(Dataset excerpts)
* * * *
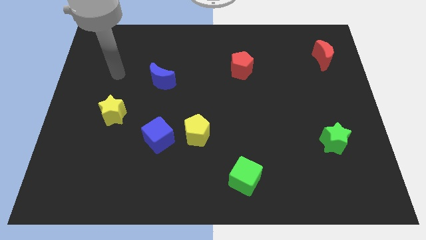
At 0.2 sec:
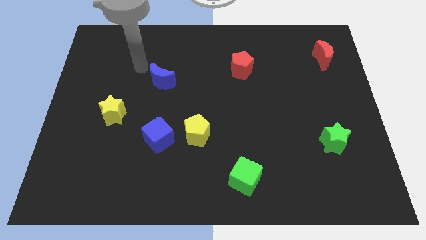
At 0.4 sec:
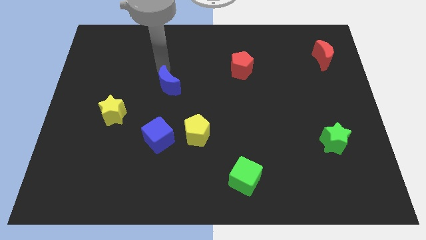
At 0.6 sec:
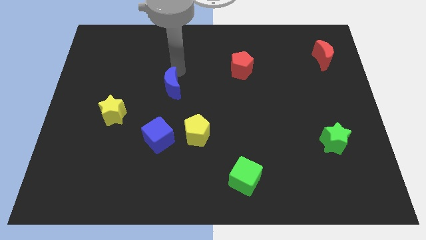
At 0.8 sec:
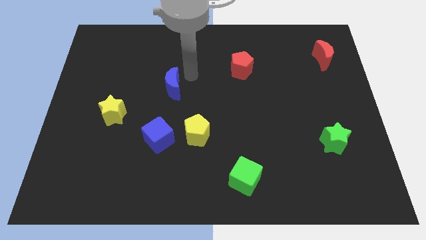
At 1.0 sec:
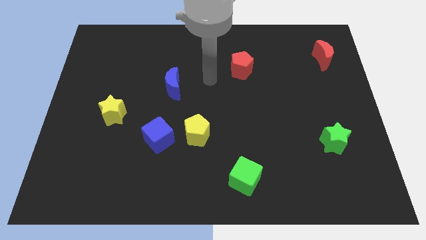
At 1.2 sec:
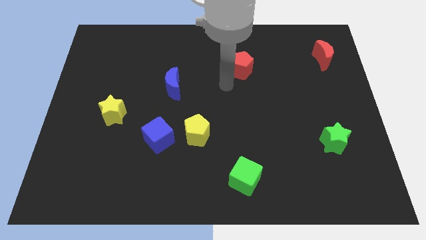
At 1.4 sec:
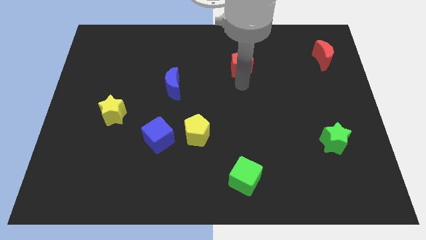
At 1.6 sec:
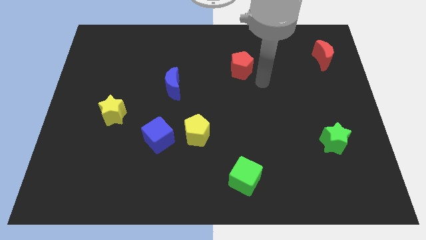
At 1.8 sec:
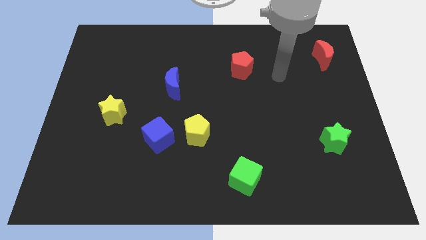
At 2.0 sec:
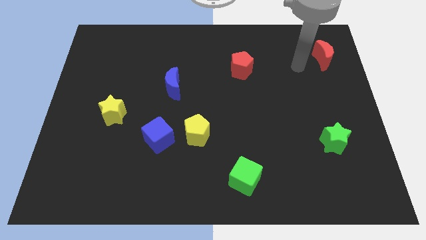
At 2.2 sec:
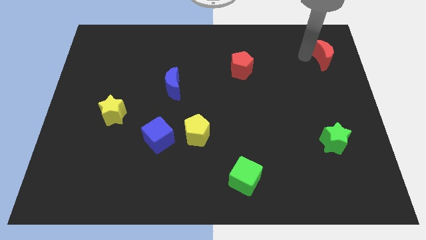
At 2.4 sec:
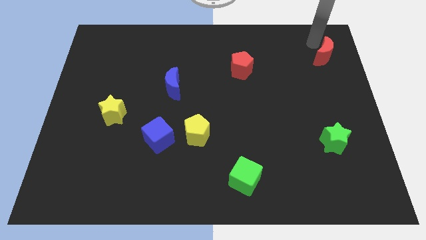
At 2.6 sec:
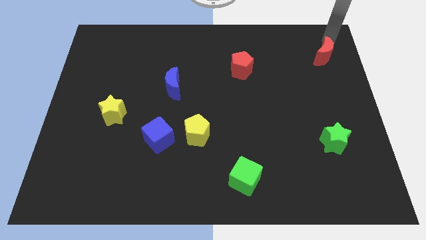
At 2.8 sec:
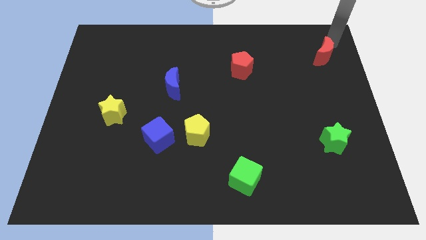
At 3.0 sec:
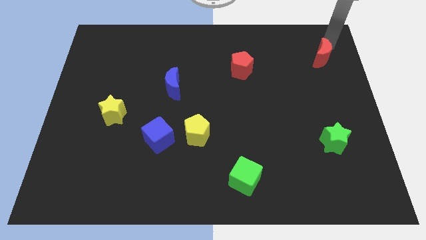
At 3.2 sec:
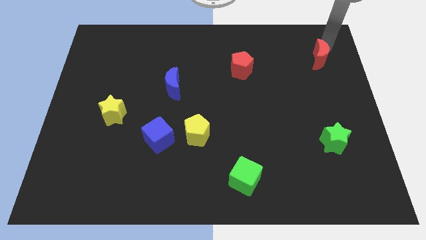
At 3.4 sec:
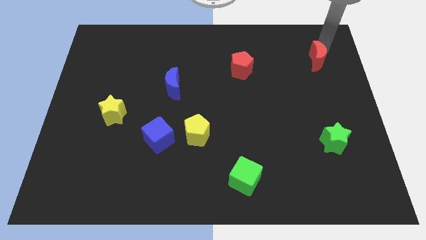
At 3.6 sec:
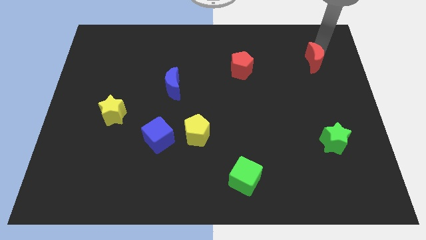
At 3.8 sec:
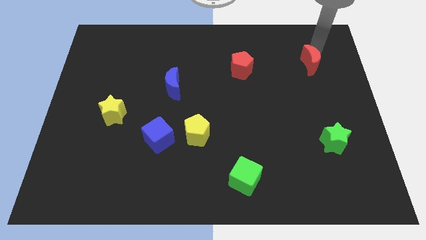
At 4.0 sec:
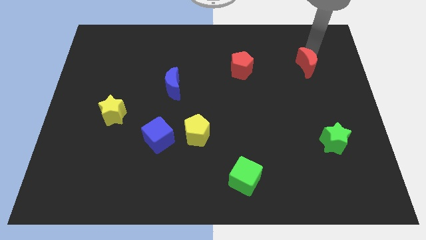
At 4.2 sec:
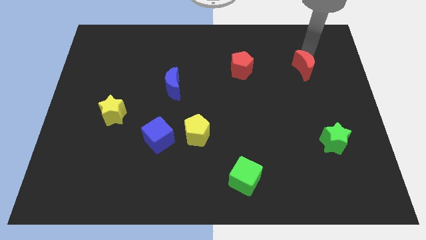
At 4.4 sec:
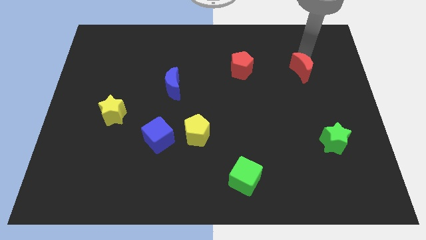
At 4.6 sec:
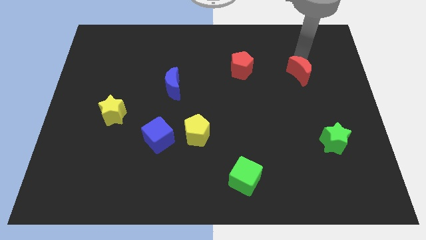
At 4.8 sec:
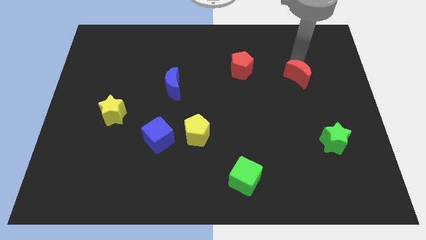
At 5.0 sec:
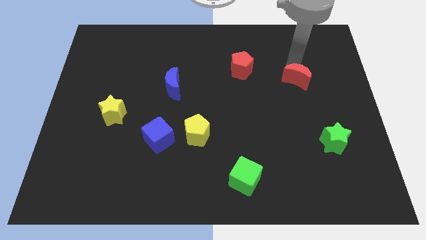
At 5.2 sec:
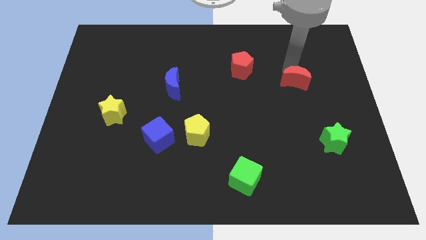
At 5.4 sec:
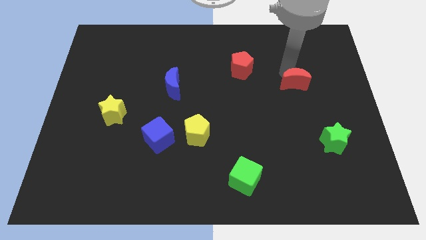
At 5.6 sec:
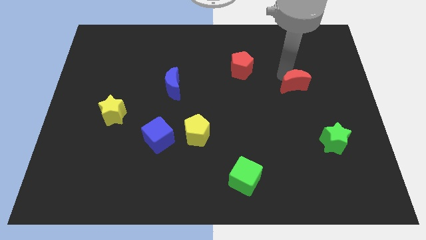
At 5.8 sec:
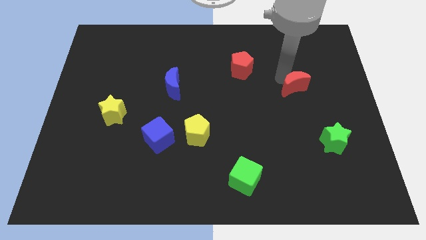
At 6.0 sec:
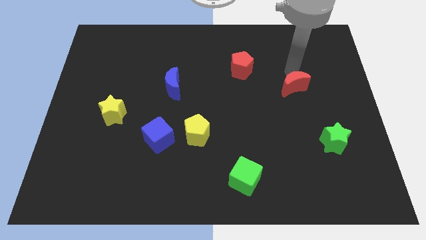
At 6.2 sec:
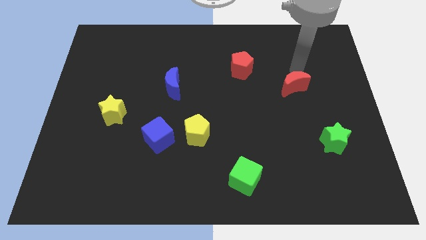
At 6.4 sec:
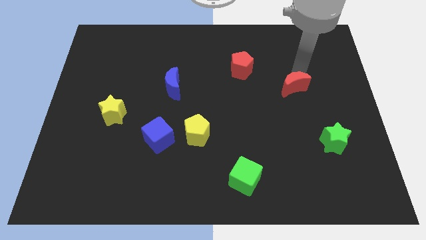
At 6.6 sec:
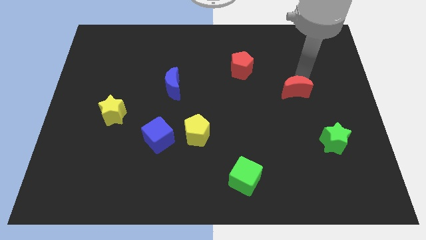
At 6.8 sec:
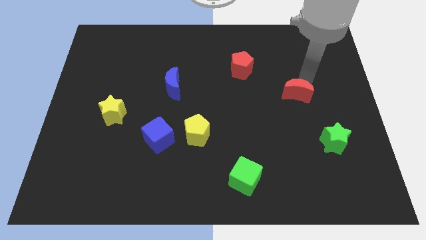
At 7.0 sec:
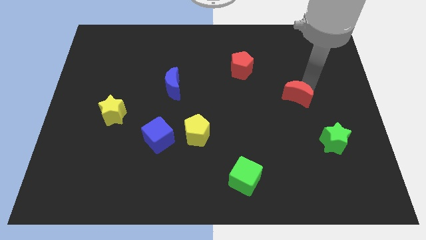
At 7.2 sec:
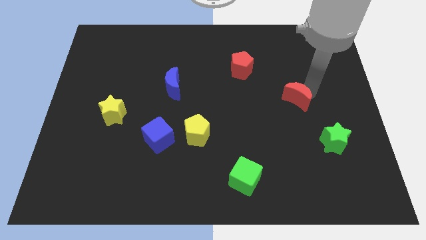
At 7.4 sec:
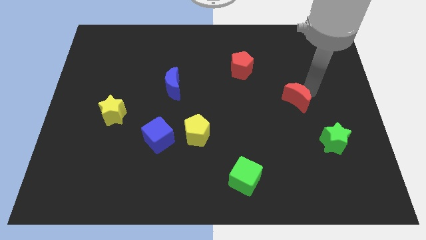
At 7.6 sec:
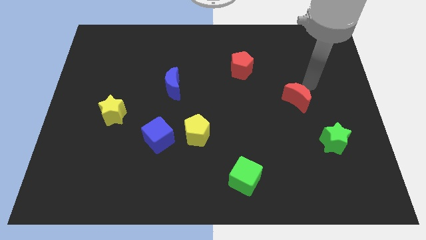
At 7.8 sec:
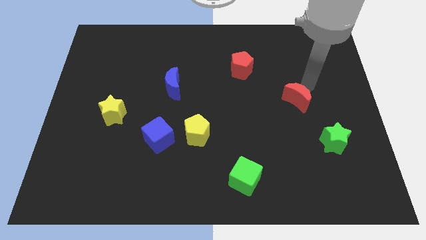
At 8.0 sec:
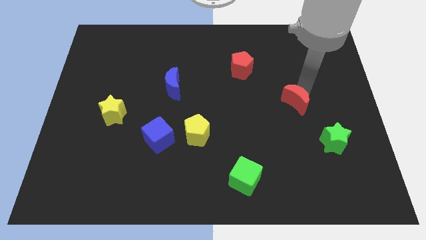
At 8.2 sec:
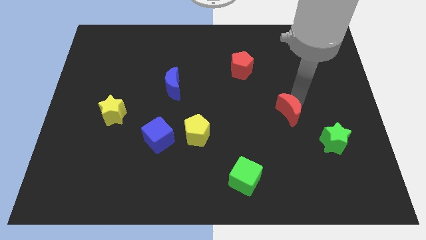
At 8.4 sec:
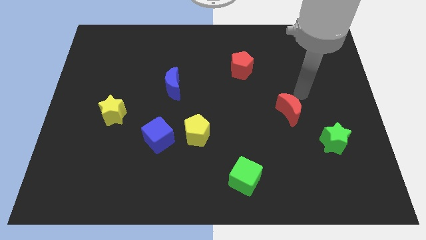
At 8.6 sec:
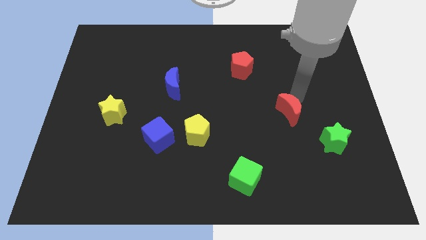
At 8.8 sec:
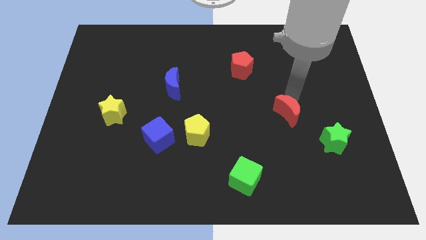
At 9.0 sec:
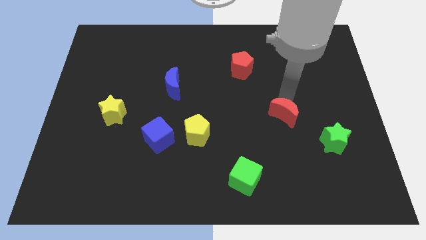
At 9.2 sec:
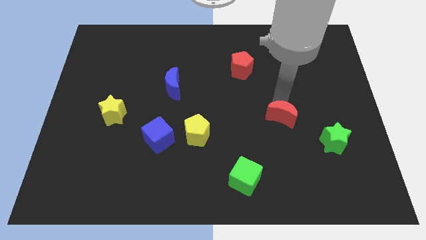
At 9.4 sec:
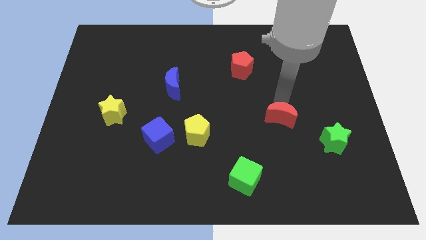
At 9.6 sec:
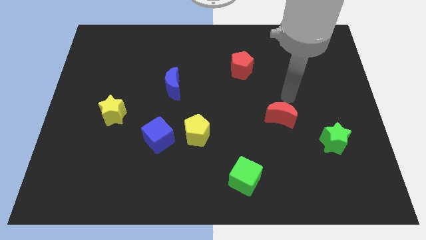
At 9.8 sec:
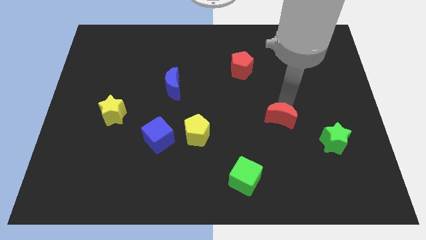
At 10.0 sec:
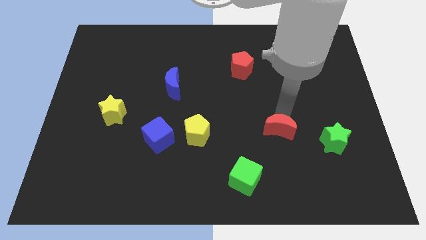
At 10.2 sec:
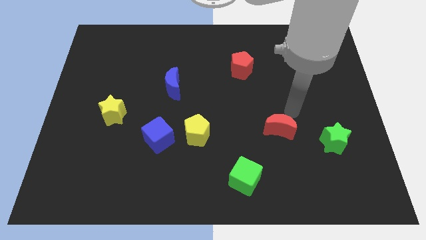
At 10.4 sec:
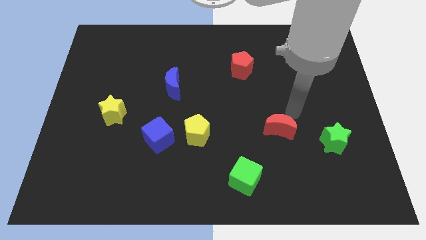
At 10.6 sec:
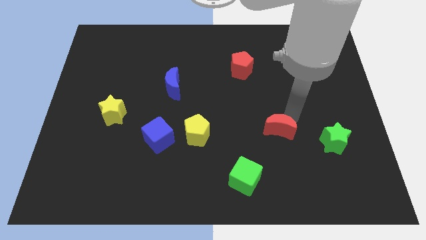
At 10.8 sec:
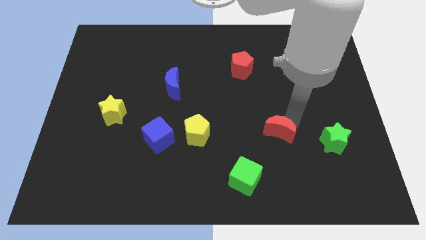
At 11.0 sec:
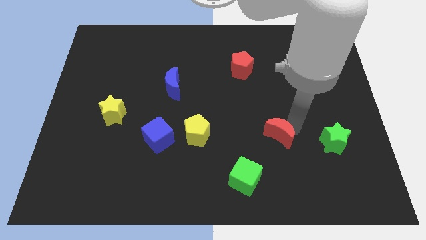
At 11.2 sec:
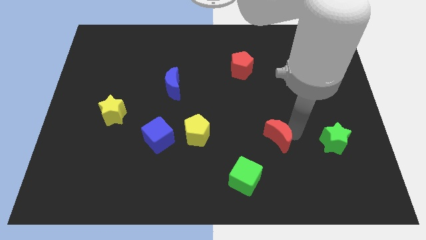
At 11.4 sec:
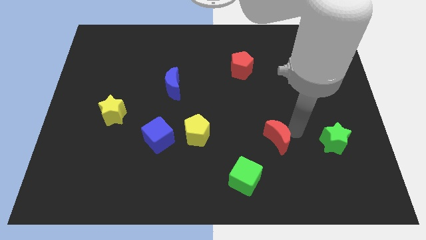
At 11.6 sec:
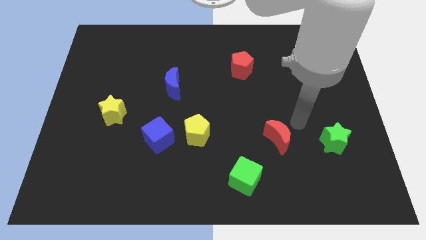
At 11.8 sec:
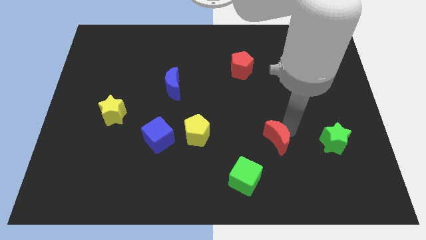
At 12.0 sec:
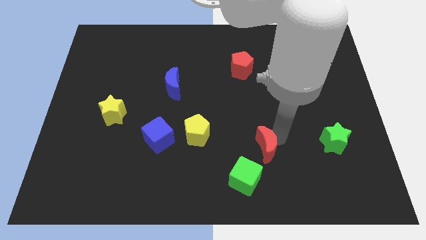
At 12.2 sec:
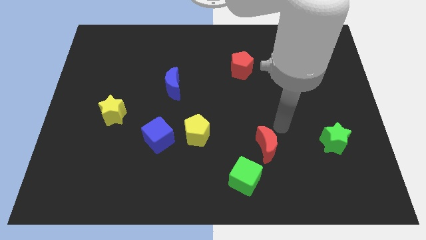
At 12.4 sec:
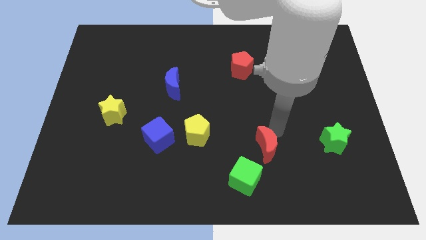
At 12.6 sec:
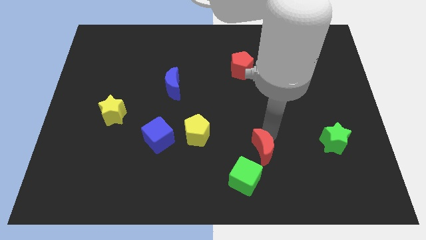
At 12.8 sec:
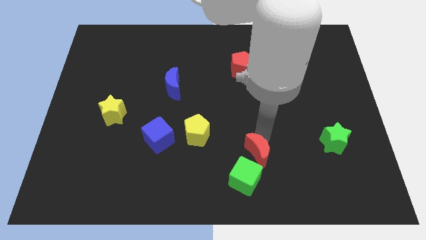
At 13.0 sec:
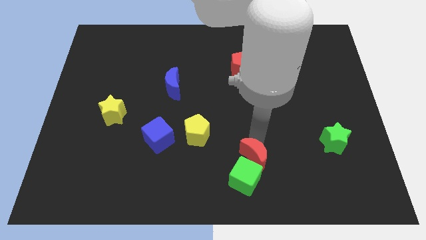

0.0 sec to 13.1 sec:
put the red moon towards the green cube
* * * *
*What the task asks*
Could the data be reproduced exactly, with the pictures omitted?

*Solved exercise*
At 0.2 sec:
At 0.4 sec:
At 0.6 sec:
At 0.8 sec:
At 1.0 sec:
At 1.2 sec:
At 1.4 sec:
At 1.6 sec:
At 1.8 sec:
At 2.0 sec:
At 2.2 sec:
At 2.4 sec:
At 2.6 sec:
At 2.8 sec:
At 3.0 sec:
At 3.2 sec:
At 3.4 sec:
At 3.6 sec:
At 3.8 sec:
At 4.0 sec:
At 4.2 sec:
At 4.4 sec:
At 4.6 sec:
At 4.8 sec:
At 5.0 sec:
At 5.2 sec:
At 5.4 sec:
At 5.6 sec:
At 5.8 sec:
At 6.0 sec:
At 6.2 sec:
At 6.4 sec:
At 6.6 sec:
At 6.8 sec:
At 7.0 sec:
At 7.2 sec:
At 7.4 sec:
At 7.6 sec:
At 7.8 sec:
At 8.0 sec:
At 8.2 sec:
At 8.4 sec:
At 8.6 sec:
At 8.8 sec:
At 9.0 sec:
At 9.2 sec:
At 9.4 sec:
At 9.6 sec:
At 9.8 sec:
At 10.0 sec:
At 10.2 sec:
At 10.4 sec:
At 10.6 sec:
At 10.8 sec:
At 11.0 sec:
At 11.2 sec:
At 11.4 sec:
At 11.6 sec:
At 11.8 sec:
At 12.0 sec:
At 12.2 sec:
At 12.4 sec:
At 12.6 sec:
At 12.8 sec:
At 13.0 sec:

0.0 sec to 13.1 sec:
put the red moon towards the green cube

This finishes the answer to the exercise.